I have a javascript code that asks a user to input an entry, prints out a list of entries, and deletes.我有一个 javascript 代码,要求用户输入一个条目,打印出条目列表,然后删除。 The problem is that when the user inputs delete and than enters an invalid number the code says to enter a correct index but if the user inputs still an incorrect index value based on my specifications the code stops checking whether it passes the test.问题是,当用户输入删除而不是输入无效数字时,代码会说要输入正确的索引,但是如果用户根据我的规范输入的索引值仍然不正确,代码将停止检查它是否通过测试。 I need the code to constantly check if the input is valid for index even after the user keeps putting a wrong index number.我需要代码来不断检查输入是否对索引有效,即使在用户不断输入错误的索引号之后也是如此。 The code must not exit unless the correct index value is entered.除非输入正确的索引值,否则代码不得退出。 Here is the code这是代码
let action = prompt("What would you like to do");
const todo = []
let count=0
let tracker=0
let char = 'x'
while (action !== 'quit' && action !== 'q'){
if (action === 'new'){
action = prompt("What would you like to add");
todo.push(action)
tracker=0;
}
else if (action === 'list'){
console.log(char.repeat(10))
for (let elements of todo){
console.log(`${tracker}: ${elements}`)
tracker++
}
console.log(char.repeat(10))
action = prompt("What would you like to do");
}
else if (action === 'delete'){
let index = parseInt(prompt("Enter the index of the todo you would like to delete"))
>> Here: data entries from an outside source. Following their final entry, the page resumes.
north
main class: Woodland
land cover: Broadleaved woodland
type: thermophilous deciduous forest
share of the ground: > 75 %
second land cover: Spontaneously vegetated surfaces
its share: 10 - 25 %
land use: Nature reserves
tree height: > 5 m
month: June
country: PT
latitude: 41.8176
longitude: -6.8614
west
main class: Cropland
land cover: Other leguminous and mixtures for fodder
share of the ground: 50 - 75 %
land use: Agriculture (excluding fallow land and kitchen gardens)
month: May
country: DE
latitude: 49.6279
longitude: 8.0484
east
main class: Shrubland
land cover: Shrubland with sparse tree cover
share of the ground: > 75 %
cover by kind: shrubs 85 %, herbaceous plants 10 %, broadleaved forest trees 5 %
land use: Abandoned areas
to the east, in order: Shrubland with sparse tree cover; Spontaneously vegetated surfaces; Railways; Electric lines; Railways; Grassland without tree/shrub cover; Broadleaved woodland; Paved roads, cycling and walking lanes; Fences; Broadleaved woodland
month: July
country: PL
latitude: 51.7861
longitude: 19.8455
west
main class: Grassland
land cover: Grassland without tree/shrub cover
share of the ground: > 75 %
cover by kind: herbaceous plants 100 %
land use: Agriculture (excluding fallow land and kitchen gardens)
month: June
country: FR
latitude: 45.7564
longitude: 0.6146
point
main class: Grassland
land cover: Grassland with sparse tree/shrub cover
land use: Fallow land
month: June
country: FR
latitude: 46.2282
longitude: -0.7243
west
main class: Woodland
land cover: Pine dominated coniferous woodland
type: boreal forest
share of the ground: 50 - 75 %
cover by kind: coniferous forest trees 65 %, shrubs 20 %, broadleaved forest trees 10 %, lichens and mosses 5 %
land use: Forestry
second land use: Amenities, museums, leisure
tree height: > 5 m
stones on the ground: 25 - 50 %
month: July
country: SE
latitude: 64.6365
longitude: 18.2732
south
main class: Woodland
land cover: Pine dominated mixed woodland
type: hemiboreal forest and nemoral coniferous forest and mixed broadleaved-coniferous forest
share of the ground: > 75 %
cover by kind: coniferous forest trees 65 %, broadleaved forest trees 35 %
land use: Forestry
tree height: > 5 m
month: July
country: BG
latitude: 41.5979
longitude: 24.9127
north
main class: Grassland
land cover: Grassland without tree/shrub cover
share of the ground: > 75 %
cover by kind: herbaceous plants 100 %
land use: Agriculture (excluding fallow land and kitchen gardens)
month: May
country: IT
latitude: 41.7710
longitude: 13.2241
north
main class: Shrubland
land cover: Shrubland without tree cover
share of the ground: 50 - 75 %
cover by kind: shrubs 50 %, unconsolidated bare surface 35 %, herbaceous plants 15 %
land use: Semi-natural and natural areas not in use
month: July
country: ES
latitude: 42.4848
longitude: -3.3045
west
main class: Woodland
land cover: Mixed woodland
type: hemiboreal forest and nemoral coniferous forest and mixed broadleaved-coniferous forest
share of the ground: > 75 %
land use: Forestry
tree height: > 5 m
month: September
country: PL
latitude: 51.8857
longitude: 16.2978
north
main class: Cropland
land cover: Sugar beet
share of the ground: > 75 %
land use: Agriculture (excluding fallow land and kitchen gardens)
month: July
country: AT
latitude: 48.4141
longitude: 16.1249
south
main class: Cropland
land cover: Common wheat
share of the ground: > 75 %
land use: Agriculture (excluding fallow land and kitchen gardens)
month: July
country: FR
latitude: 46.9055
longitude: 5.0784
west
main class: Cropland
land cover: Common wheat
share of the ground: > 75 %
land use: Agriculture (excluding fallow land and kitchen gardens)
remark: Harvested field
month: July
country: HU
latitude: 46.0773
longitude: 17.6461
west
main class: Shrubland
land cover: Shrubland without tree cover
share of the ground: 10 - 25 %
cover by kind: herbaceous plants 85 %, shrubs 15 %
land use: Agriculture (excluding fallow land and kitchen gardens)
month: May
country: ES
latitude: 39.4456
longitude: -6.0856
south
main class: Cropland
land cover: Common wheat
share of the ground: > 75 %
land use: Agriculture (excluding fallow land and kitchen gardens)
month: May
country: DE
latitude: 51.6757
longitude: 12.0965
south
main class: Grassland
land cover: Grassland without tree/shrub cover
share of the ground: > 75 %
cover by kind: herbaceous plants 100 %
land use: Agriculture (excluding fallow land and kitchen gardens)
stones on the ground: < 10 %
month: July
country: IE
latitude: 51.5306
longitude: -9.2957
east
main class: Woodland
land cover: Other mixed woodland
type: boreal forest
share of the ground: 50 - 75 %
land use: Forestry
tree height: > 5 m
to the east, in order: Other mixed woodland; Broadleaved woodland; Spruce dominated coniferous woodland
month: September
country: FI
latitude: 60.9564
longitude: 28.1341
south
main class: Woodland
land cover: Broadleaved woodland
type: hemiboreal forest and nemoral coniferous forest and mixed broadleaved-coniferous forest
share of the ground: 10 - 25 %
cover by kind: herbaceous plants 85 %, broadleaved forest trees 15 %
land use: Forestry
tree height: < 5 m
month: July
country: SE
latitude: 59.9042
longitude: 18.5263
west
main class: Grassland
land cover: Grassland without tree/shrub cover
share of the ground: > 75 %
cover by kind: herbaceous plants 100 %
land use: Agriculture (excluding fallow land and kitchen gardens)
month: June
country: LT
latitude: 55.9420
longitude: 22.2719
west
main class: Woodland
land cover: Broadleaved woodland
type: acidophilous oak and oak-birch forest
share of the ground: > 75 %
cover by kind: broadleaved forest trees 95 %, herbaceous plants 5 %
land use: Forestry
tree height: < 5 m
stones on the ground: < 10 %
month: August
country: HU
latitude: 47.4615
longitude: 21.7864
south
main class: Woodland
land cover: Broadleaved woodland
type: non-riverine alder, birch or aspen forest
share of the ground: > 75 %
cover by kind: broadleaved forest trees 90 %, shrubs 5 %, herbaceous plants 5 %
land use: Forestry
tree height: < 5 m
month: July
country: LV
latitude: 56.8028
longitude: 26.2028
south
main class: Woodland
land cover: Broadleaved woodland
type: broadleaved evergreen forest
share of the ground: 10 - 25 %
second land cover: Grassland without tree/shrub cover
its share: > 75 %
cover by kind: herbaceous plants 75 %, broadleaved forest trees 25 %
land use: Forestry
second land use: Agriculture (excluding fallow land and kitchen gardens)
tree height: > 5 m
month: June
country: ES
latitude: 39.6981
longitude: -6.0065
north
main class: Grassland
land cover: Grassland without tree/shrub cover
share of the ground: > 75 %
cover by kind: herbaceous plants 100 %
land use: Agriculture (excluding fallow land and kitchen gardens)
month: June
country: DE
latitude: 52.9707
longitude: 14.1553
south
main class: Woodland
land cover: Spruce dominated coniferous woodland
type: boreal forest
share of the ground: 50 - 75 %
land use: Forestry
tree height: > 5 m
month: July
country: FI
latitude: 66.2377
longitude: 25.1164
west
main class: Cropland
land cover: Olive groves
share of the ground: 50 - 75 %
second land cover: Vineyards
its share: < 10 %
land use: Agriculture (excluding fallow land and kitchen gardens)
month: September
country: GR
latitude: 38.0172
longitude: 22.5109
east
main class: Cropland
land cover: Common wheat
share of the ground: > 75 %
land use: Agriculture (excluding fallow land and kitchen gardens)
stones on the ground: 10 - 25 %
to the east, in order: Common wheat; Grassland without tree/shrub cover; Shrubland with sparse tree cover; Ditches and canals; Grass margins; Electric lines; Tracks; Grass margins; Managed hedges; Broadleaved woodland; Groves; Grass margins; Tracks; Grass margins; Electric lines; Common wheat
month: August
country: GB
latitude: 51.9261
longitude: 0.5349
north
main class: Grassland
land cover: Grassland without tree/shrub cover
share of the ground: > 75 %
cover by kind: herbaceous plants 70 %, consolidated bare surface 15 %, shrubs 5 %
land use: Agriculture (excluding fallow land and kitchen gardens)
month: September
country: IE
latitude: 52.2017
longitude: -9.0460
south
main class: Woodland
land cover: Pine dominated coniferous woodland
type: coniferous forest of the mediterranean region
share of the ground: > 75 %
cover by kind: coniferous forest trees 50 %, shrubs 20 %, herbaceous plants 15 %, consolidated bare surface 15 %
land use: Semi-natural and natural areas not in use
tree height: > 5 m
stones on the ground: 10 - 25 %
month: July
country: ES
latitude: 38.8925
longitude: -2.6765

if (index<todo.length && index >-1 && index!==null){
todo.splice(index,1)
tracker=0;
}
else{
let index = parseInt(prompt("Enter a correct index"))
}
action = prompt("What would you like to do");
}
else
{
action = prompt("What would you like to do");
}
}
console.log("Ok quit the app")
Replace this part:替换这部分:
let index = parseInt(prompt("Enter the index of the todo you would like to delete"))
if (index<todo.length && index >-1 && index!==null){
todo.splice(index,1)
tracker=0;
}
else{
let index = parseInt(prompt("Enter a correct index"))
}
With this -- using a loop:有了这个——使用循环:
let index = parseInt(prompt("Enter the index of the todo you would like to delete"));
while (!(index < todo.length && index >= 0)) {
index = parseInt(prompt("Enter a correct index"));
}
todo.splice(index, 1);
tracker = 0;
Note: parseInt
will never return null
, so no need to check for that.注意: parseInt
永远不会返回null
,因此无需检查。 Instead, it could return NaN
.相反,它可以返回NaN
。 But as any comparison with NaN
will evaluate to false
, the negation of that (using !
) will evaluate to true
.但是由于与NaN
的任何比较都将评估为false
,因此对它的否定(使用!
)将评估为true
。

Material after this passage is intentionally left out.